Items listed in a dataset:
★ ★ ★
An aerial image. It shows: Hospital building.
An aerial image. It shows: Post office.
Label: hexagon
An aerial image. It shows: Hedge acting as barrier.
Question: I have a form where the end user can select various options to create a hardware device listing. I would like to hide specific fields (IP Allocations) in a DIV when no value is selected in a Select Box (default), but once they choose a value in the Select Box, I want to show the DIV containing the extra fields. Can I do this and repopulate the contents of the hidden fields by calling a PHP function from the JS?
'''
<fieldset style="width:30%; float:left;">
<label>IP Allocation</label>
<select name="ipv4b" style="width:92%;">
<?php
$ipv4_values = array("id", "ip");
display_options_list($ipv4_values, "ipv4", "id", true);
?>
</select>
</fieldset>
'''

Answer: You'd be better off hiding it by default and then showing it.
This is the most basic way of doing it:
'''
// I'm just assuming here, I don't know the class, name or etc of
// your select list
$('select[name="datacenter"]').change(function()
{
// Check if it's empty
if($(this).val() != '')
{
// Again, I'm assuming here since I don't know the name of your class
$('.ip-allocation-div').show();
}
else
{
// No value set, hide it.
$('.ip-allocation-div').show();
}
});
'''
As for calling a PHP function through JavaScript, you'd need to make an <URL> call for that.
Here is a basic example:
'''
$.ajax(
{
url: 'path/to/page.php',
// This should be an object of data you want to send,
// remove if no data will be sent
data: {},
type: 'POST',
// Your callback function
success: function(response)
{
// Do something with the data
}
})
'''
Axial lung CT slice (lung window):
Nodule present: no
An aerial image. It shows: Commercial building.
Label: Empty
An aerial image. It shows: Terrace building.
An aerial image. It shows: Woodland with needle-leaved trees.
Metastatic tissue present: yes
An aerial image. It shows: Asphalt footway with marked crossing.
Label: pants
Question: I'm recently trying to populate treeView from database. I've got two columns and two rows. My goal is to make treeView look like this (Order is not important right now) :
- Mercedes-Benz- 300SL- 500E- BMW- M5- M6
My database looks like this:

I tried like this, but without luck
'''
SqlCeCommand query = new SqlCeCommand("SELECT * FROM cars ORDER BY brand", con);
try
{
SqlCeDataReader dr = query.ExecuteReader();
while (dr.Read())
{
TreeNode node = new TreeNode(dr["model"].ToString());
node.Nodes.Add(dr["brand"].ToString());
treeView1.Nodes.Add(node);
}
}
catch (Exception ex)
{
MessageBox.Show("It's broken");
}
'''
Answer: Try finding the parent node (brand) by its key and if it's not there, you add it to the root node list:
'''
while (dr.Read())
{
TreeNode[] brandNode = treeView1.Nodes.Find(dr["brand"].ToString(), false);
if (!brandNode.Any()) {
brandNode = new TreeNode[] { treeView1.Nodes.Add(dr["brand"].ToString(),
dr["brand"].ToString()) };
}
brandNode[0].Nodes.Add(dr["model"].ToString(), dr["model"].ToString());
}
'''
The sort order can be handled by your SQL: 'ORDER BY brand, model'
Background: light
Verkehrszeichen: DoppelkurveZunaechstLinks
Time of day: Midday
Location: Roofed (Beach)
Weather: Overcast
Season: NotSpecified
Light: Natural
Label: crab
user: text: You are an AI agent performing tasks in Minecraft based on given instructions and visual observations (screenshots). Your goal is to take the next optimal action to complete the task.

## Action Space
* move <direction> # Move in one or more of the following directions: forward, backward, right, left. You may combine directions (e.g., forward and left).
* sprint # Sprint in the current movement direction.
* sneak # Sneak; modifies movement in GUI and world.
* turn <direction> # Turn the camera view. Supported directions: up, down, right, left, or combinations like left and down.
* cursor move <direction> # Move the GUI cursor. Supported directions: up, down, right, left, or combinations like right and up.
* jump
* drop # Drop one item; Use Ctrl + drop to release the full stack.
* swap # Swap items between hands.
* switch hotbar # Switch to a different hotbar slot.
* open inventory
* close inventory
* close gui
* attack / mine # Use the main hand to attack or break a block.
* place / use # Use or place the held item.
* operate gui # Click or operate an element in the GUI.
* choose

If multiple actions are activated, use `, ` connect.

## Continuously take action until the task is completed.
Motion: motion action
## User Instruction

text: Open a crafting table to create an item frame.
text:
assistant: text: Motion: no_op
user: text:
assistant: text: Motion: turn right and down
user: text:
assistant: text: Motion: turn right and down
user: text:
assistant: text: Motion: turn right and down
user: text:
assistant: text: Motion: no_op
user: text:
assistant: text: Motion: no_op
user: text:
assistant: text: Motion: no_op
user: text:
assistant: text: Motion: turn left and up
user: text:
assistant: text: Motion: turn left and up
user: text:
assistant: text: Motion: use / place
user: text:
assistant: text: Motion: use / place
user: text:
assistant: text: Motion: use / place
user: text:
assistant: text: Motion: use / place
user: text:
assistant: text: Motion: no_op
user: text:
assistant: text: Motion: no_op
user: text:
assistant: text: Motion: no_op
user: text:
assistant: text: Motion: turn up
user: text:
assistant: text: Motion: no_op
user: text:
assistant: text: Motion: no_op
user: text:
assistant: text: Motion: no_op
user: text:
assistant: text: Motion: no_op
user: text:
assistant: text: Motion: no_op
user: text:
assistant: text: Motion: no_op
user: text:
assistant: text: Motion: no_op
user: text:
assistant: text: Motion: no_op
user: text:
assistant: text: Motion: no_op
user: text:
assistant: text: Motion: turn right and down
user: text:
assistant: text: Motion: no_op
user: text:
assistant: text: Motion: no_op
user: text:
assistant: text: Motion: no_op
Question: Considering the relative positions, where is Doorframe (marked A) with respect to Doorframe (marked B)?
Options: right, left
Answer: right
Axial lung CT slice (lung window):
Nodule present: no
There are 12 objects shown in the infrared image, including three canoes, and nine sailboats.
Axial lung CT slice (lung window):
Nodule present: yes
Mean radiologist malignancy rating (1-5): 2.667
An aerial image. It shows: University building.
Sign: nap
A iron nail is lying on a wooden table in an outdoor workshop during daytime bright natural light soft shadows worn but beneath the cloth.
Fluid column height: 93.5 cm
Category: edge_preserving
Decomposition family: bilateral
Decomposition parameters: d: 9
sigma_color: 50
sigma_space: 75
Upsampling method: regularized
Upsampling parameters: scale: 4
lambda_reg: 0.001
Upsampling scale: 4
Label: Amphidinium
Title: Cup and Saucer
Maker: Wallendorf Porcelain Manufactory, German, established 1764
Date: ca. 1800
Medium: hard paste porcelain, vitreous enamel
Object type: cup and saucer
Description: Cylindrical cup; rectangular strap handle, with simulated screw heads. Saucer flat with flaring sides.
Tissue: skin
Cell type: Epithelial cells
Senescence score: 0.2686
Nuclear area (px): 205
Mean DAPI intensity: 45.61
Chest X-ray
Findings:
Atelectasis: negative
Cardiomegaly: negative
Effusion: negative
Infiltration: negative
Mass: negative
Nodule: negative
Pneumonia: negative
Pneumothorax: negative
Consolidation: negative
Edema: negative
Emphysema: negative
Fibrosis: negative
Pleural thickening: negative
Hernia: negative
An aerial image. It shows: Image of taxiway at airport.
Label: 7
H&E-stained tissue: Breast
★ ★ ★
## The task
As the answer, set down only the lines from the data above between the one holding "An aerial image. It shows: Terrace building." and the one holding "Label: crab", inclusive, exactly as they read.

## Result for this exercise
An aerial image. It shows: Terrace building.
An aerial image. It shows: Woodland with needle-leaved trees.
Metastatic tissue present: yes
An aerial image. It shows: Asphalt footway with marked crossing.
Label: pants
Question: I'm recently trying to populate treeView from database. I've got two columns and two rows. My goal is to make treeView look like this (Order is not important right now) :
- Mercedes-Benz- 300SL- 500E- BMW- M5- M6
My database looks like this:

I tried like this, but without luck
'''
SqlCeCommand query = new SqlCeCommand("SELECT * FROM cars ORDER BY brand", con);
try
{
SqlCeDataReader dr = query.ExecuteReader();
while (dr.Read())
{
TreeNode node = new TreeNode(dr["model"].ToString());
node.Nodes.Add(dr["brand"].ToString());
treeView1.Nodes.Add(node);
}
}
catch (Exception ex)
{
MessageBox.Show("It's broken");
}
'''
Answer: Try finding the parent node (brand) by its key and if it's not there, you add it to the root node list:
'''
while (dr.Read())
{
TreeNode[] brandNode = treeView1.Nodes.Find(dr["brand"].ToString(), false);
if (!brandNode.Any()) {
brandNode = new TreeNode[] { treeView1.Nodes.Add(dr["brand"].ToString(),
dr["brand"].ToString()) };
}
brandNode[0].Nodes.Add(dr["model"].ToString(), dr["model"].ToString());
}
'''
The sort order can be handled by your SQL: 'ORDER BY brand, model'
Background: light
Verkehrszeichen: DoppelkurveZunaechstLinks
Time of day: Midday
Location: Roofed (Beach)
Weather: Overcast
Season: NotSpecified
Light: Natural
Label: crab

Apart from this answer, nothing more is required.